Hall should've been picked in the first round. Ridiculous he wasn't. Three years of efficient production in the SEC. Chiseled frame. Elite combine workout. I mean, boxes checked. He's precisely the type of well-rounded outside rusher the Seahawks have been looking for and really needed over the past three or four seasons. Burst, bend, pass-rush moves. Power. Hall is ready to get after NFL quarterbacks right now.
The Buccaneers have shifted from pinpointing large, oversized defensive linemen to drafting Kancey, one of the smallest defensive tackles picked in the first round in a very long time with short arms. But you know what? Kancey was the best pure pass-rusher regardless of position in the class. Elite explosiveness, detailed hand work, speed-to-power conversion. It's all there.
Tyjae Spears, RB (Round 3, No. 81 overall)
Honorable mention: Will Levis, QB
Spears was one of the specific examples I'd cite when explaining why, in this draft class, like all others, I wouldn't pick a running back in the first round. Spears is a loose-hipped, explosive home run hitter with tremendous vision and plus balance through contact. Yes, the Titans' offense still remarkably runs through Derrick Henry. And the organization has attempted to find a reliable running mate for King Henry for a while. Spears can be the lightning to Henry's thunder to use a very cliched running back phrase. In 2022, Spears registered 21 carries of 15 or more yards, the 10th-highest figure in FBS.
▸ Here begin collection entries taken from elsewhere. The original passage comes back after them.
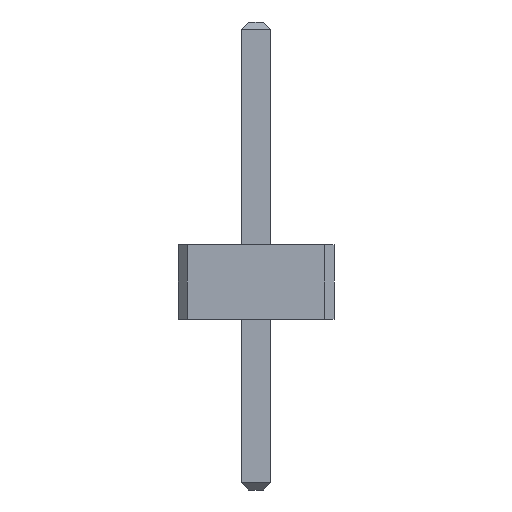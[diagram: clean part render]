
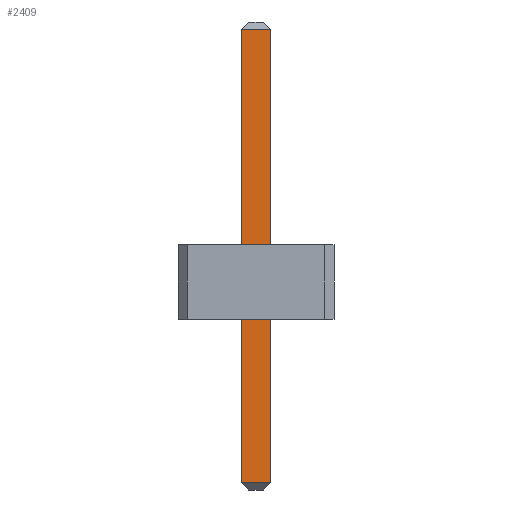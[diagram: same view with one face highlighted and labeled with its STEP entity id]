
A CAD part, front view. The second image highlights one B-rep face of the part: STEP entity #2409.
In plain terms, the highlighted planar face has unit normal (0, -1, 0).
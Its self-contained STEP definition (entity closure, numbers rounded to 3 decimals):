
#13=DIRECTION('',(0.,0.,1.));
#27=VECTOR('',#13,1.);
#67=DIRECTION('',(1.,0.,0.));
#1124=VECTOR('',#67,1.);
#1135=DIRECTION('',(0.,1.,0.));
#2386=EDGE_CURVE('',#2387,#2389,#2391,.T.);
#2387=VERTEX_POINT('',#2388);
#2388=CARTESIAN_POINT('',(-0.2,-23.06,-2.2));
#2389=VERTEX_POINT('',#2390);
#2390=CARTESIAN_POINT('',(-0.2,-23.06,3.9));
#2391=LINE('',#2392,#27);
#2392=CARTESIAN_POINT('',(-0.2,-23.06,-2.3));
#2409=ADVANCED_FACE('',(#2410),#2427,.F.);
#2410=FACE_BOUND('',#2411,.F.);
#2411=EDGE_LOOP('',(#2412,#2420,#2423,#2424));
#2412=ORIENTED_EDGE('',*,*,#2413,.F.);
#2413=EDGE_CURVE('',#2414,#2416,#2418,.T.);
#2414=VERTEX_POINT('',#2415);
#2415=CARTESIAN_POINT('',(0.2,-23.06,-2.2));
#2416=VERTEX_POINT('',#2417);
#2417=CARTESIAN_POINT('',(0.2,-23.06,3.9));
#2418=LINE('',#2419,#27);
#2419=CARTESIAN_POINT('',(0.2,-23.06,-2.3));
#2420=ORIENTED_EDGE('',*,*,#2421,.F.);
#2421=EDGE_CURVE('',#2387,#2414,#2422,.T.);
#2422=LINE('',#2388,#1124);
#2423=ORIENTED_EDGE('',*,*,#2386,.T.);
#2424=ORIENTED_EDGE('',*,*,#2425,.T.);
#2425=EDGE_CURVE('',#2389,#2416,#2426,.T.);
#2426=LINE('',#2390,#1124);
#2427=PLANE('',#2428);
#2428=AXIS2_PLACEMENT_3D('',#2392,#1135,#13);

Jartavius Martin, S (Round 2, No. 47 overall)
Honorable mention: Chris Rodriguez, RB
Martin is such a fun, multi-tool defensive back. You know who else is? Kamren Curl, a late-round pick by Washington a few years back who's become one of the league's best young safety/linebacker hybrids. Martin excels farther away from the line of scrimmage than Curl with cornerback size -- 5-foot-11, 194 pounds -- and 4.44 speed plus a 44-inch vertical. There will be highlight-reel pass breakups and interceptions from Martin.